Retail investors’ participation in global equity markets has slowed this year as the war in Ukraine, a global economic slowdown and rising energy and food costs dampen investors’ appetite for taking punts on the small and often lossmaking companies.
But they have kept faith in First North companies, including Embracer, Europe’s largest gaming group and the most actively traded name on the index, and a series of tech and healthcare companies.
The total raised is a considerable swing from last year, when companies raised more than £9.5bn on Aim, almost double the £5.4bn raised on First North. While retail investors have stepped back from Aim, they accounted for half of all flow into small-cap listed companies in Sweden in July, Nasdaq figures show.
“The Nordic market seems to have weathered the tribulations of the past few years better than the rest of Europe,” said Thomas Thygesen, head of strategy at Swedish investment bank SEB. “The investor base is more confident and has more capital available for risk.”
Tax policies encourage Swedes to invest in stocks, including investment products that do not require investors to pay capital gains taxes on transactions. This has meant that the proportion of the market made up by retail investors tends to be higher than on rival markets, although Aim also offers tax breaks on capital gains.

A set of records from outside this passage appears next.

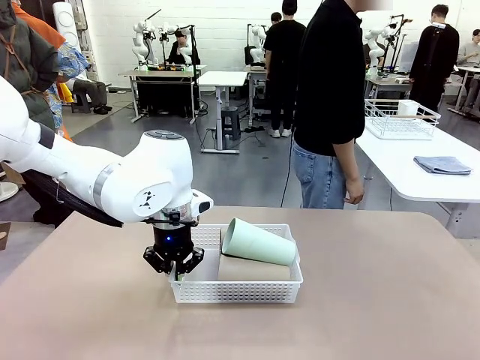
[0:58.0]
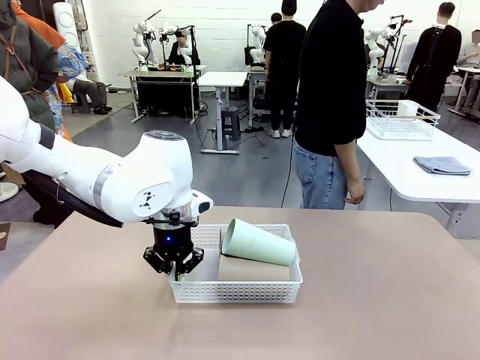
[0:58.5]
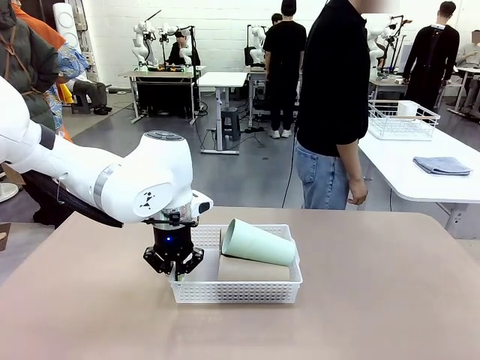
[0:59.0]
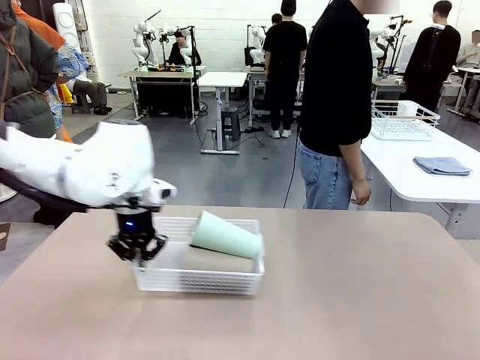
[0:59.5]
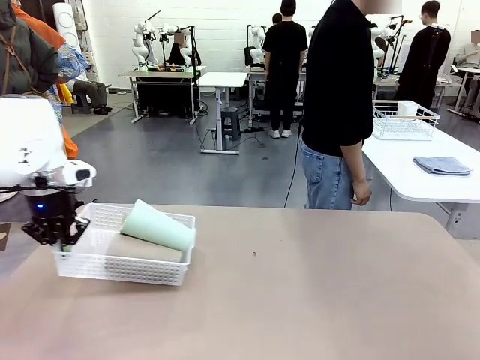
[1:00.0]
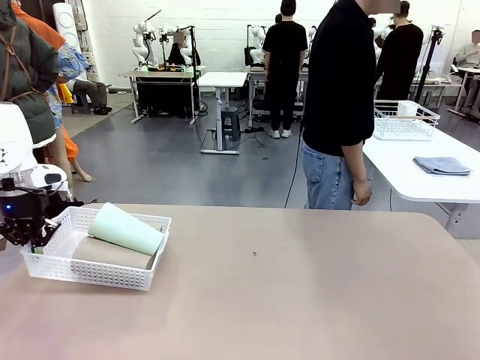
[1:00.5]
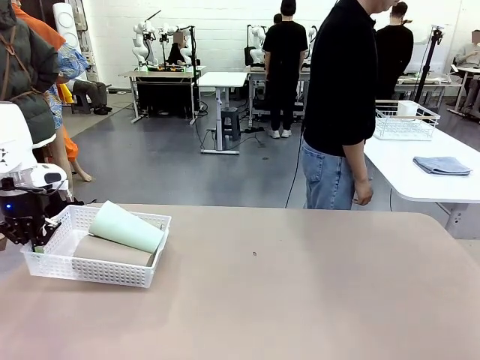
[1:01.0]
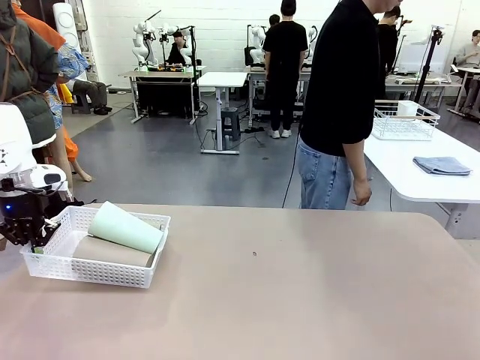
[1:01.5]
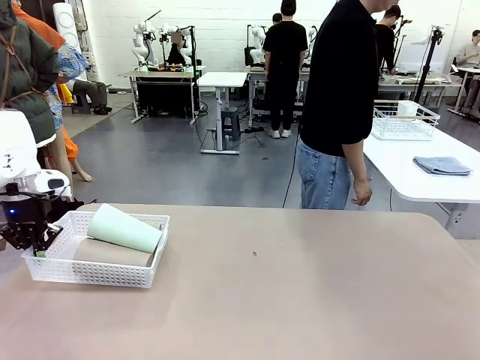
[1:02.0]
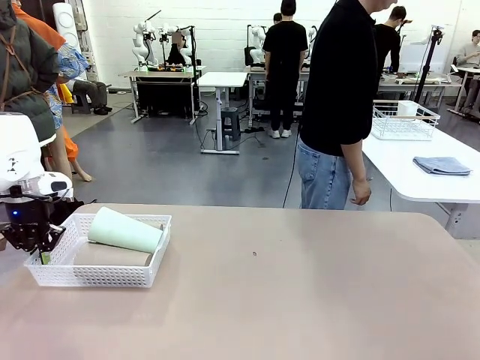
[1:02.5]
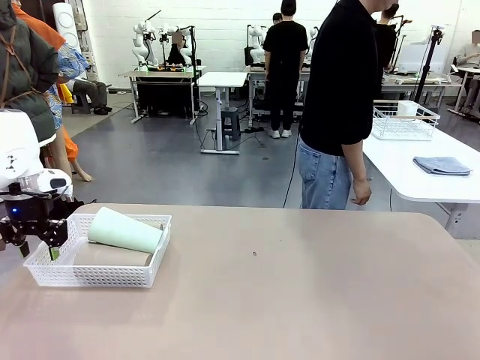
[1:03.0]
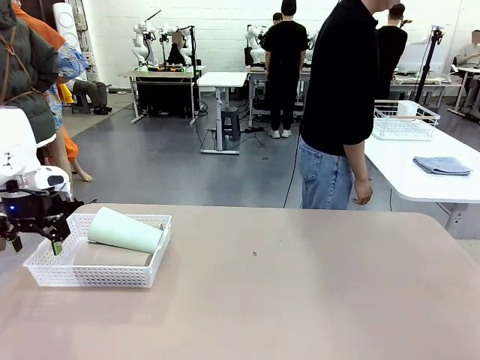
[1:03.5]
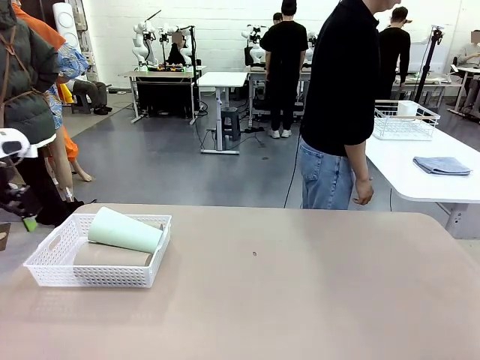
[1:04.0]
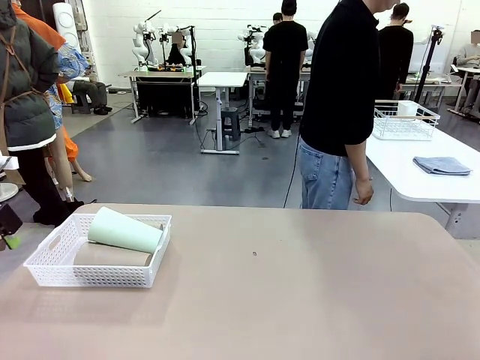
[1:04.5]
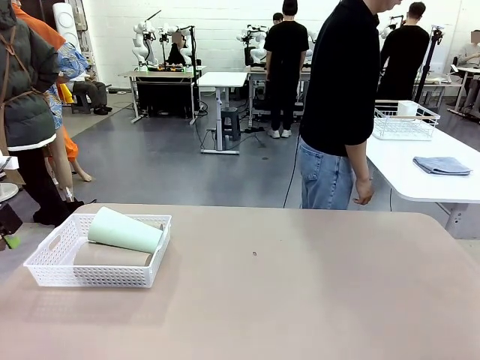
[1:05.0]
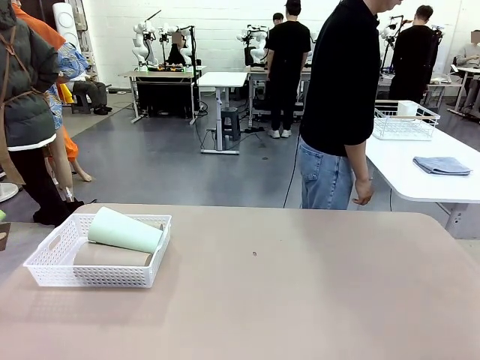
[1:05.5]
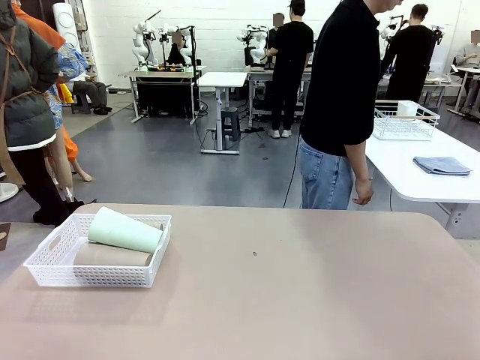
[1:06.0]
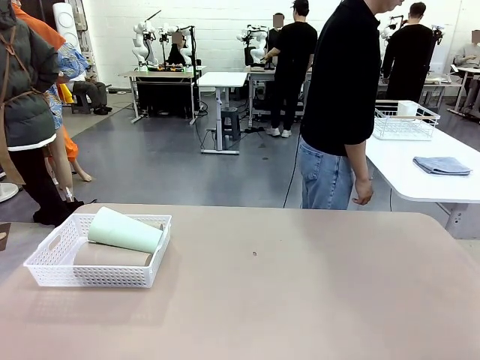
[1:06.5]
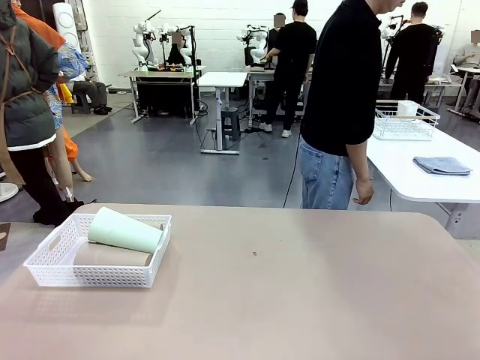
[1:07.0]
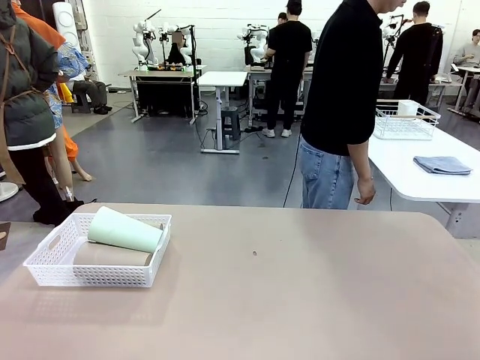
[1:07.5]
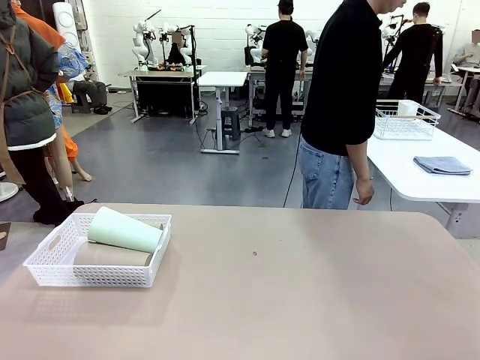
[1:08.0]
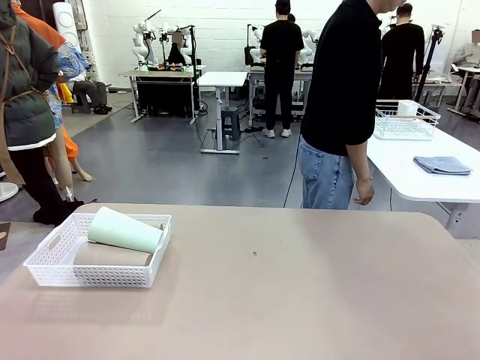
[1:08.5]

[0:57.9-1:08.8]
Task: Clean and organize the cups into the basket.
Robot: Move the Organizing basket back to the left side of the table.

Retail traders represented between 31 and 52 per cent of trading in the 10 days after Volvo Cars’ listing on the main exchange in 2021, according to data from Nasdaq.
Nasdaq said the ready supply of retail investment was encouraging companies to raise money on the First North index. “London has such a huge capital market and it’s competing with Stockholm. Something’s got to be setting us apart: that something is retail participation.”

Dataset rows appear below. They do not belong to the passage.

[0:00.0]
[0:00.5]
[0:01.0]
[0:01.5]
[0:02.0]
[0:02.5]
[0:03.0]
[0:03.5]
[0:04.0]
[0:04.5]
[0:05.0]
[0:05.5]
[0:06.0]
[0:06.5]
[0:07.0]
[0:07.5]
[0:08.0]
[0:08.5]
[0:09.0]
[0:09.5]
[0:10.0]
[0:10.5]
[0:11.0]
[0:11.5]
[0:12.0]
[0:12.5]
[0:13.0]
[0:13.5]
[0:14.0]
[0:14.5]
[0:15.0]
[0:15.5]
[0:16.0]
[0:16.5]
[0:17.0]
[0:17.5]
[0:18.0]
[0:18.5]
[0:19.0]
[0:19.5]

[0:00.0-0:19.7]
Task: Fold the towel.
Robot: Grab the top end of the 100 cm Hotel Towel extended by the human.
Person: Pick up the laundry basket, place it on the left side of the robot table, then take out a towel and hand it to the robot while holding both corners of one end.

In contrast, Christopher Raggett, co-head of corporate finance at FinnCap, a stockbroker for Aim companies, said: “One thing driving the bubble of the pandemic was the amount of retail capital waiting to be deployed . . . people aren’t trading in as lively a fashion as previously.”
But First North, like others, has not been totally immune to the declines in global equities markets.
The index has seen capital raising fall by more than half in 2022 and its main index is down by more than 30 per cent this year. The Aim index has fallen more than 24 per cent so far this year.
“It’s a tricky year for markets generally,” said Raggett. “The amount of capital raised on Aim fell off a cliff from September last year to January this year.”
Despite capital raising on First North surpassing that of Aim, “people who are in the market in the Nordics, who don’t compare with anyone else, are finding this is a horrible year”, said SEB’s Thygesen.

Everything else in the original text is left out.